| Task objective |
Use the entries below and reproduce exactly the lines from the one containing "human: [hr_rgb_0.5]" down to the one containing "gpt: meadow", both of them included.

| Data supplied |
---+---
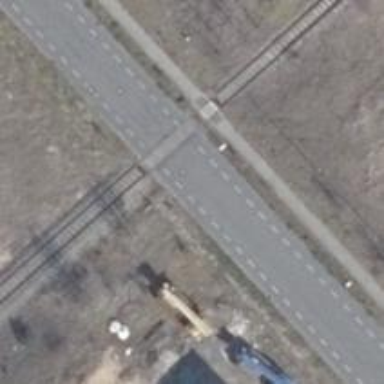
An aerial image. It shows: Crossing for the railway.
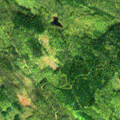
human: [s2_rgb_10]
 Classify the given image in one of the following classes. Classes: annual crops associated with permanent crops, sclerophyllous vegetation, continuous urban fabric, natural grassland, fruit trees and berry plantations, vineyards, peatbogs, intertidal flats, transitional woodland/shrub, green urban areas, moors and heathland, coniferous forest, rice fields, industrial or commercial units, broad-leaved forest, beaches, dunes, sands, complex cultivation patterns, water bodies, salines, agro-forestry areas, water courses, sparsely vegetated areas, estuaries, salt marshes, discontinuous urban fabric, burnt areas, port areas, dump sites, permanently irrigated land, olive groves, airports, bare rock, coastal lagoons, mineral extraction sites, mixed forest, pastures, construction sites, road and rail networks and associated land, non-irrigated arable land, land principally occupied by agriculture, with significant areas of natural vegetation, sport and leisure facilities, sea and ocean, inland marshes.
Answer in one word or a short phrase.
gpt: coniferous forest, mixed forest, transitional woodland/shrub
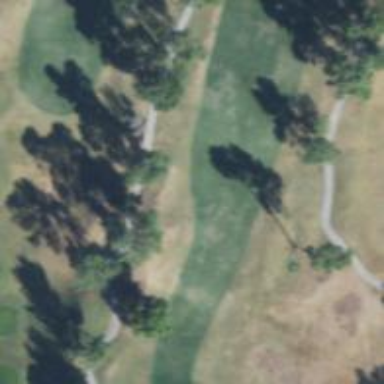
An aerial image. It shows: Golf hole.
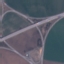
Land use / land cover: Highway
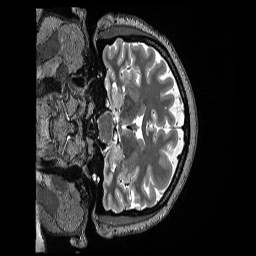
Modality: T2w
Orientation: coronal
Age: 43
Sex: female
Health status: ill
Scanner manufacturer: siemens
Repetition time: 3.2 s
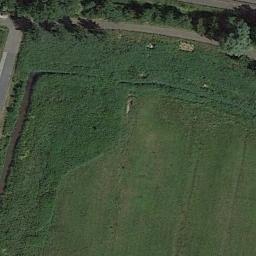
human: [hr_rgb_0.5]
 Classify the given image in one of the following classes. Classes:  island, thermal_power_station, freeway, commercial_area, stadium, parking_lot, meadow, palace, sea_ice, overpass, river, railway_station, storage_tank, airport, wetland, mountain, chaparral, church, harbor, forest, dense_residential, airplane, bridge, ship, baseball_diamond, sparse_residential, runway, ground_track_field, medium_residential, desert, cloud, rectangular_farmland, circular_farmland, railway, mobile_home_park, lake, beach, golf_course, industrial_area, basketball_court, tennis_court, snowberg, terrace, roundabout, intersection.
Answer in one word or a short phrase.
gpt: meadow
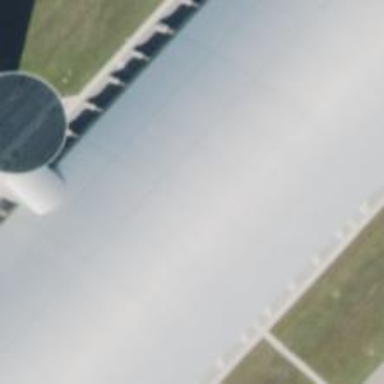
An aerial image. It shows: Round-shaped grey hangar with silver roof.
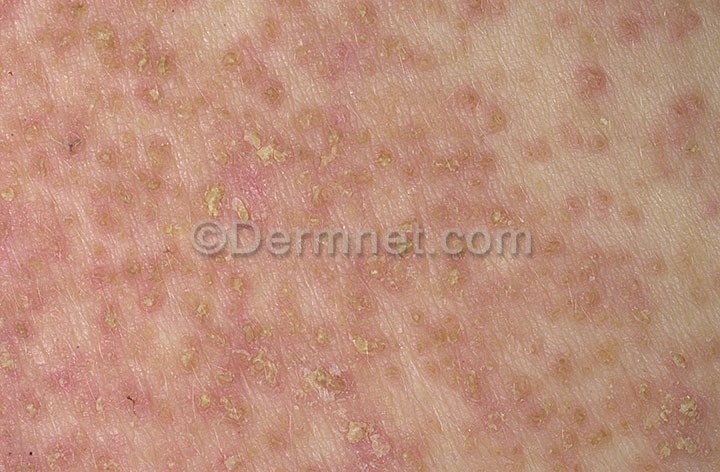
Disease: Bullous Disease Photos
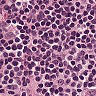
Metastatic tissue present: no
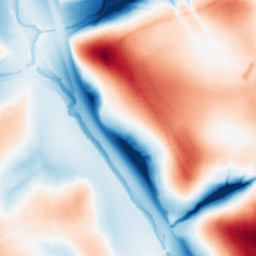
---+---
| Response to this exercise |
human: [hr_rgb_0.5]
 Classify the given image in one of the following classes. Classes:  island, thermal_power_station, freeway, commercial_area, stadium, parking_lot, meadow, palace, sea_ice, overpass, river, railway_station, storage_tank, airport, wetland, mountain, chaparral, church, harbor, forest, dense_residential, airplane, bridge, ship, baseball_diamond, sparse_residential, runway, ground_track_field, medium_residential, desert, cloud, rectangular_farmland, circular_farmland, railway, mobile_home_park, lake, beach, golf_course, industrial_area, basketball_court, tennis_court, snowberg, terrace, roundabout, intersection.
Answer in one word or a short phrase.
gpt: meadow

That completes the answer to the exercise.